===== RECORDS SHOWN =====

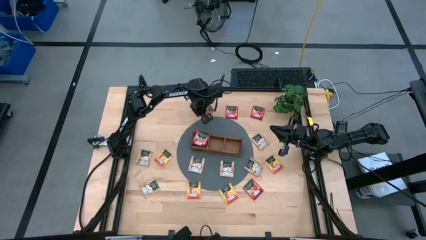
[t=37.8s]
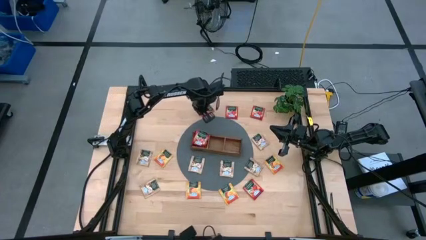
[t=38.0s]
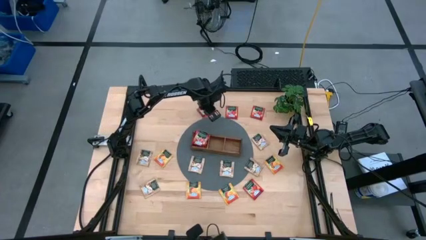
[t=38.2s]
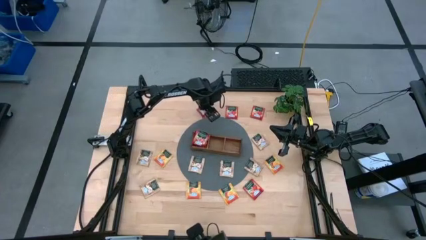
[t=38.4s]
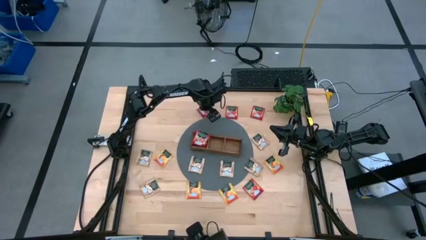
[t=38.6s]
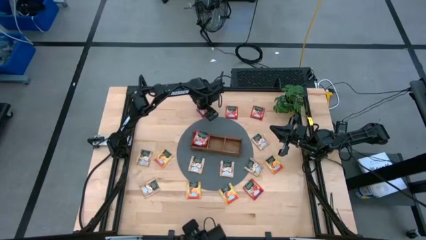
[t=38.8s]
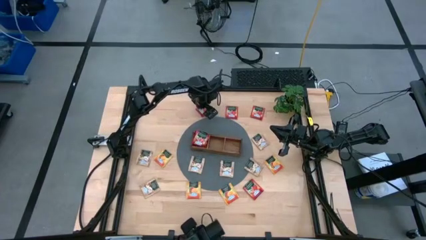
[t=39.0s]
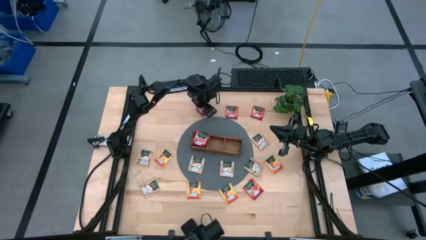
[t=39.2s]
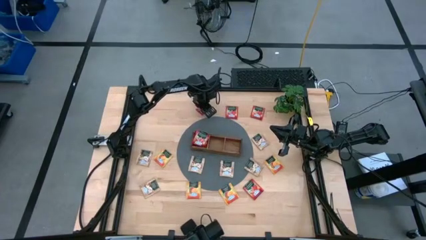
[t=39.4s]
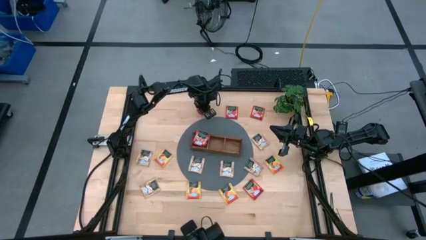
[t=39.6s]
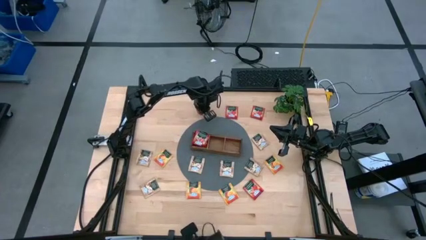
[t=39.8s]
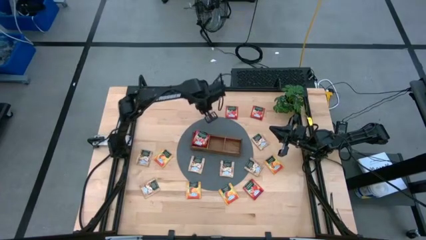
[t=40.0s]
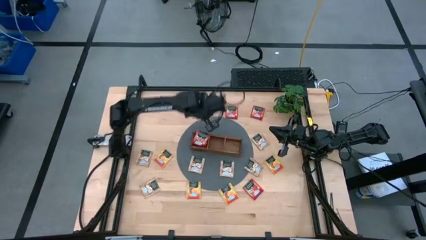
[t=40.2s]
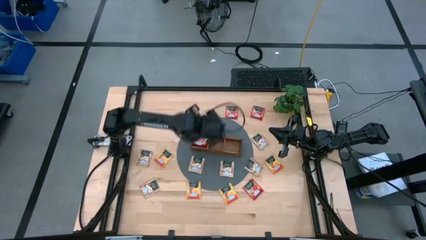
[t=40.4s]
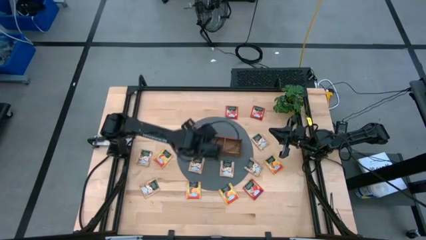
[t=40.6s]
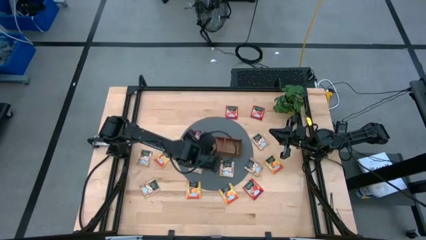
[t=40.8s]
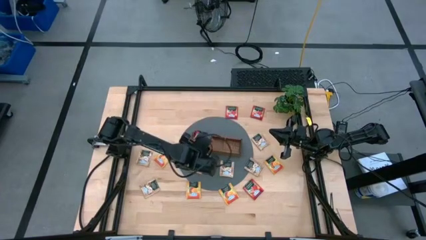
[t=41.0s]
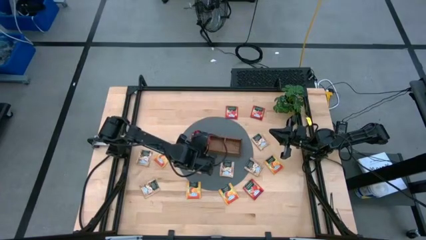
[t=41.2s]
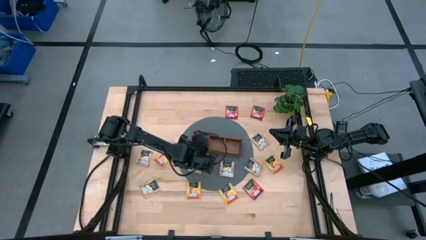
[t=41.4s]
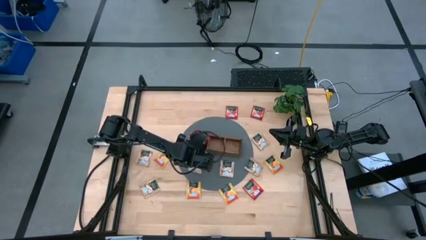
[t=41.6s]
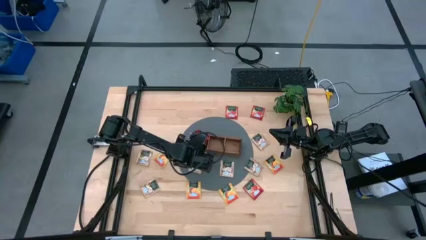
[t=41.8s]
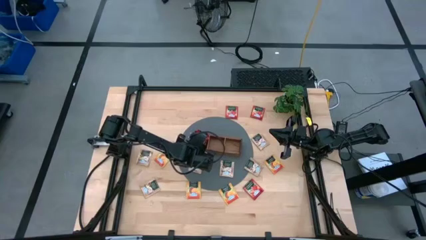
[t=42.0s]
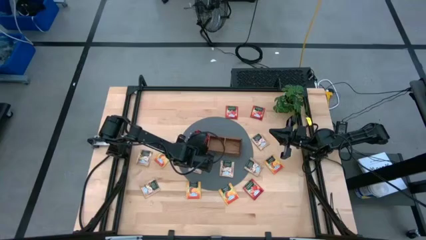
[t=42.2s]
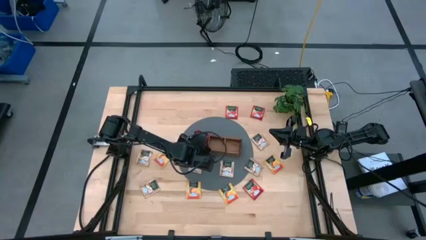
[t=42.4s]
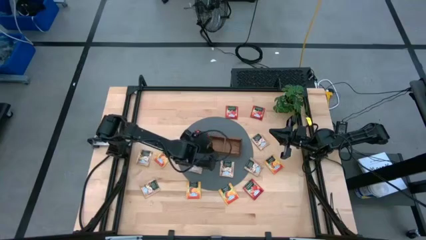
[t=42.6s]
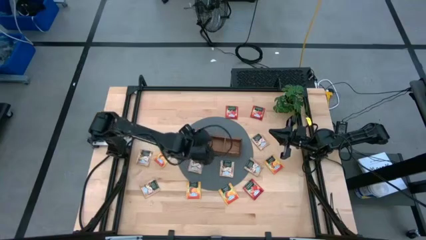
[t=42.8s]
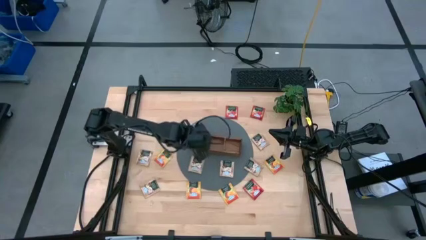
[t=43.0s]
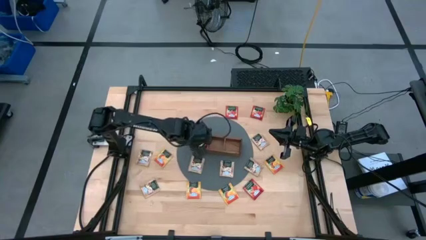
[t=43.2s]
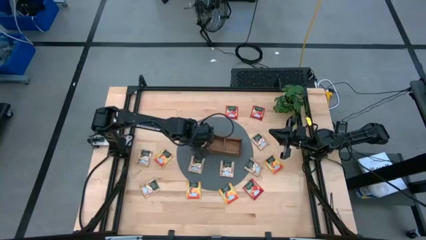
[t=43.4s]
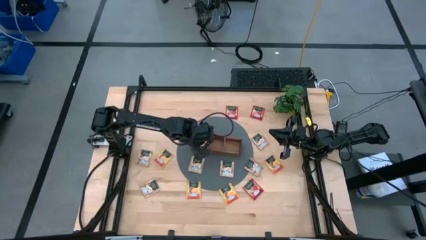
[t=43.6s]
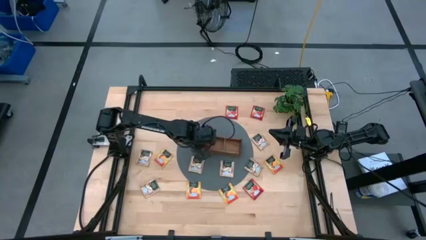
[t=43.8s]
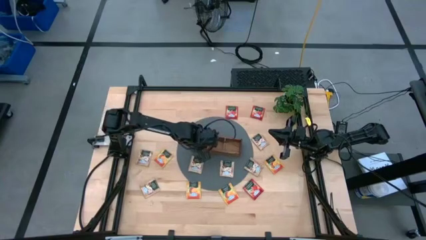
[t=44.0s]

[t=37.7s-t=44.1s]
Task: Pick & Place Tea
Put the red tea bag into the left section of the wooden organizer

=====

— PROBLEM STATEMENT —
Where an entry contains an image, skip the image and write out the rest exactly.

— SOLUTION TO THE EXERCISE —
[t=37.8s]
[t=38.0s]
[t=38.2s]
[t=38.4s]
[t=38.6s]
[t=38.8s]
[t=39.0s]
[t=39.2s]
[t=39.4s]
[t=39.6s]
[t=39.8s]
[t=40.0s]
[t=40.2s]
[t=40.4s]
[t=40.6s]
[t=40.8s]
[t=41.0s]
[t=41.2s]
[t=41.4s]
[t=41.6s]
[t=41.8s]
[t=42.0s]
[t=42.2s]
[t=42.4s]
[t=42.6s]
[t=42.8s]
[t=43.0s]
[t=43.2s]
[t=43.4s]
[t=43.6s]
[t=43.8s]
[t=44.0s]

[t=37.7s-t=44.1s]
Task: Pick & Place Tea
Put the red tea bag into the left section of the wooden organizer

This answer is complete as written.